(Work to complete) Locate the line that contains "State the plant's name." in the data that follows. Copy it and every subsequent line to the end, exactly, excluding pictures.
The data section start
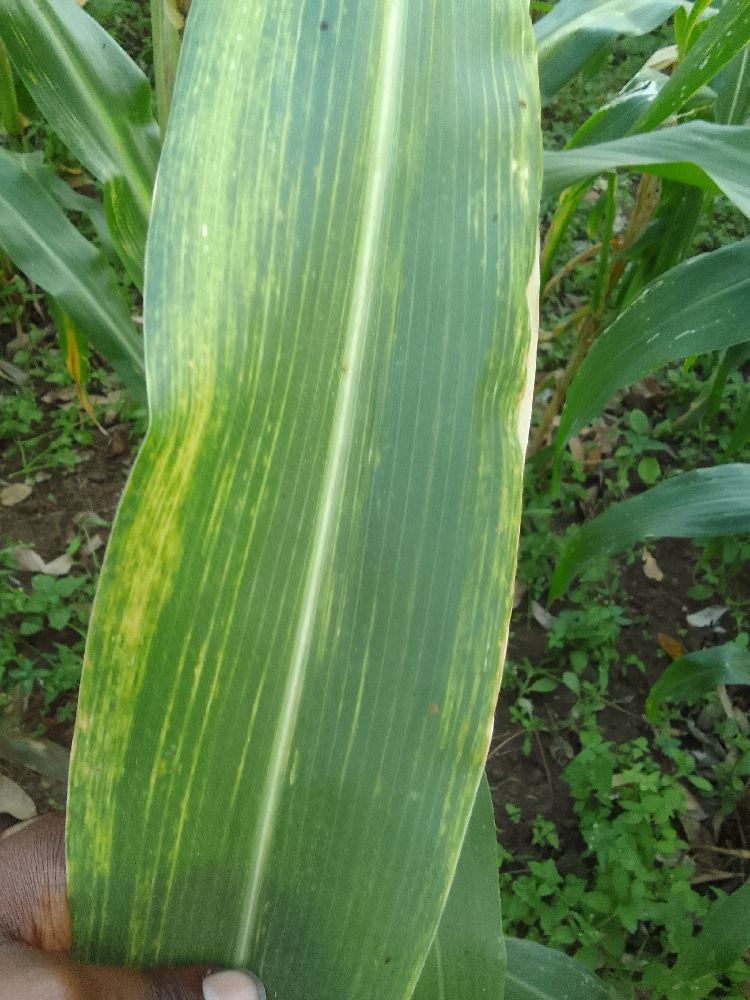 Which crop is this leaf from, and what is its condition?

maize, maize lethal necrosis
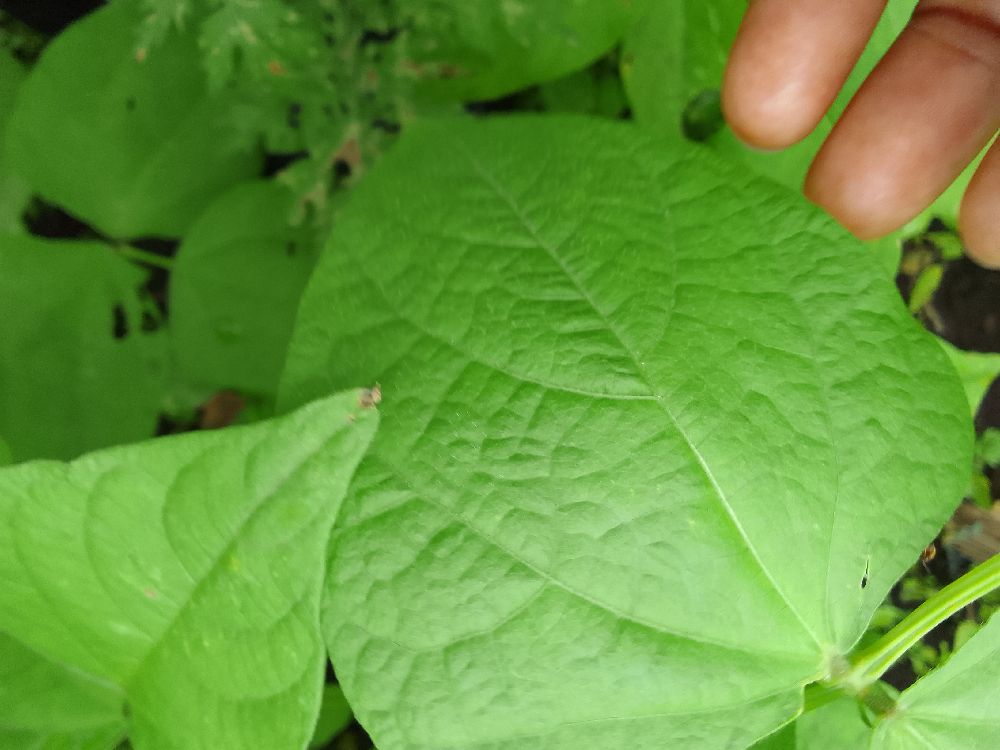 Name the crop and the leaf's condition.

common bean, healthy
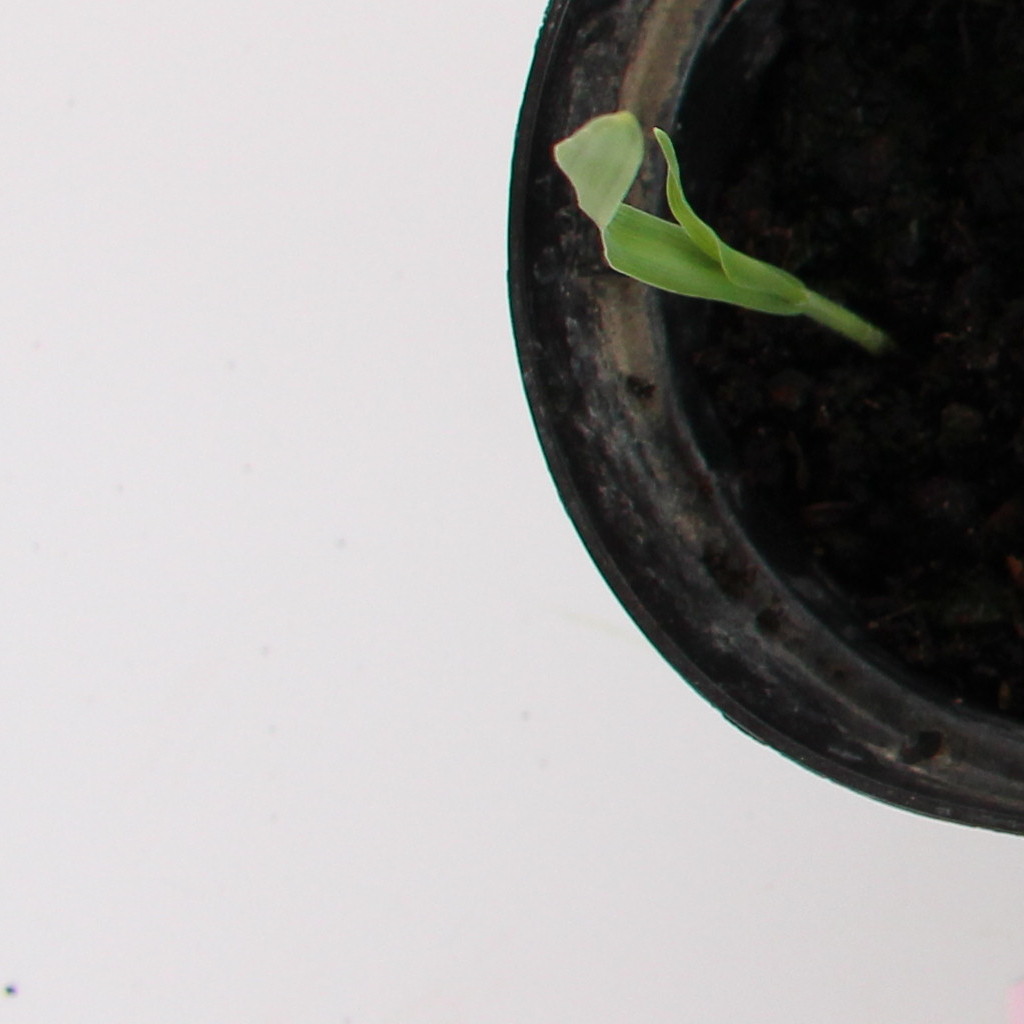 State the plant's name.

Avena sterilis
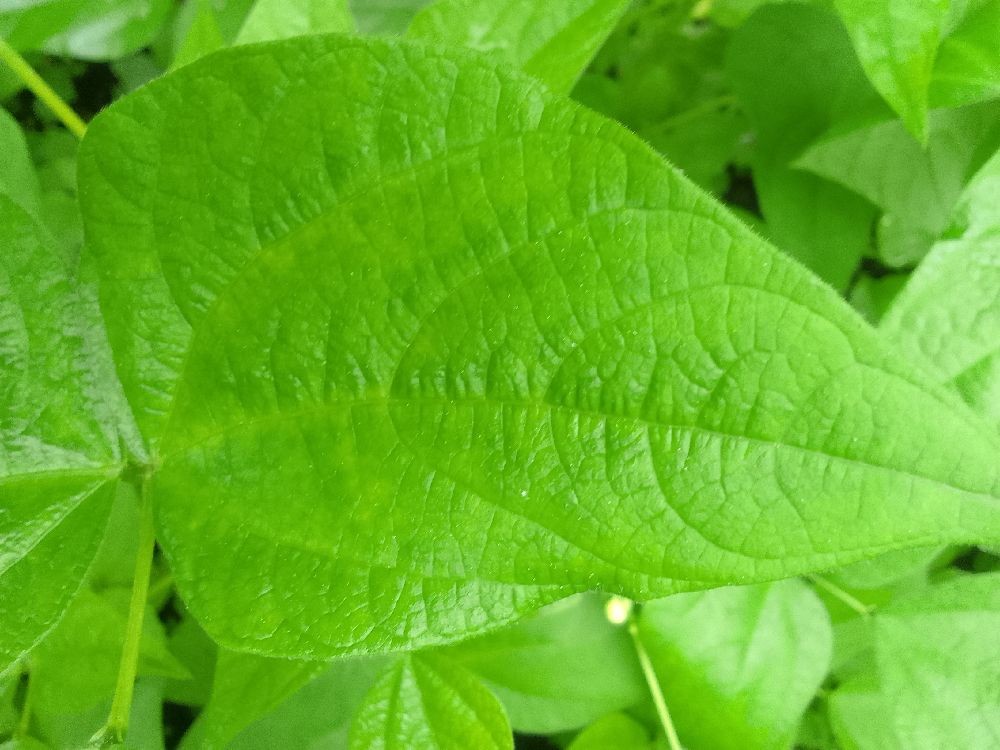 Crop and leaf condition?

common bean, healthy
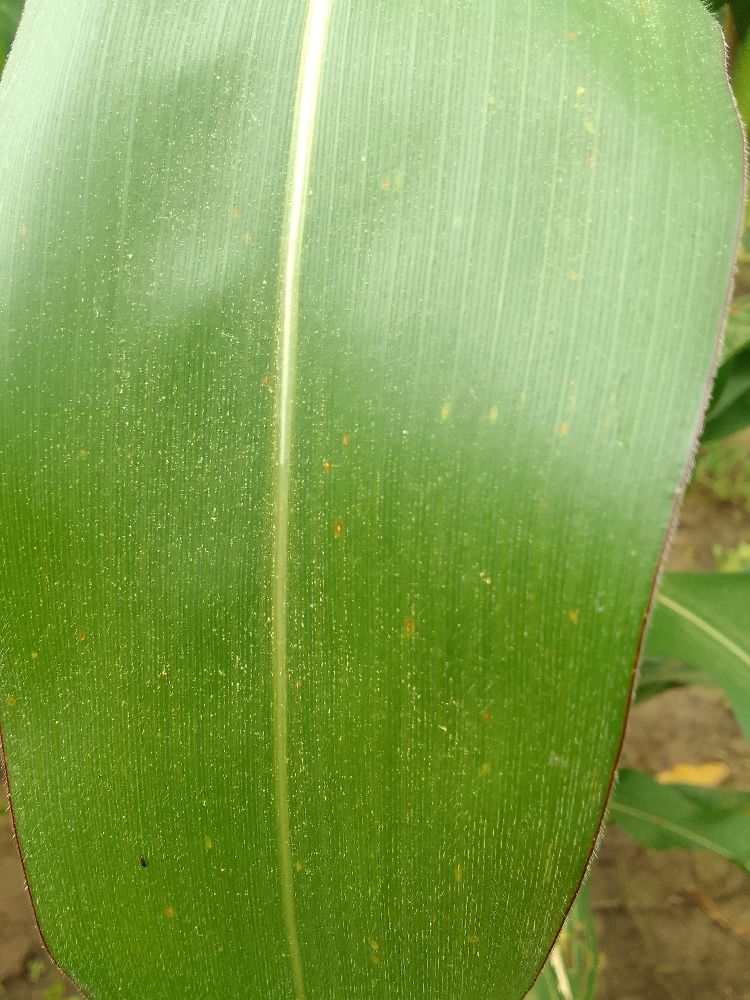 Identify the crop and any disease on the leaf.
The data section end
(Expected answer)
 State the plant's name.

Avena sterilis
 Crop and leaf condition?

common bean, healthy
 Identify the crop and any disease on the leaf.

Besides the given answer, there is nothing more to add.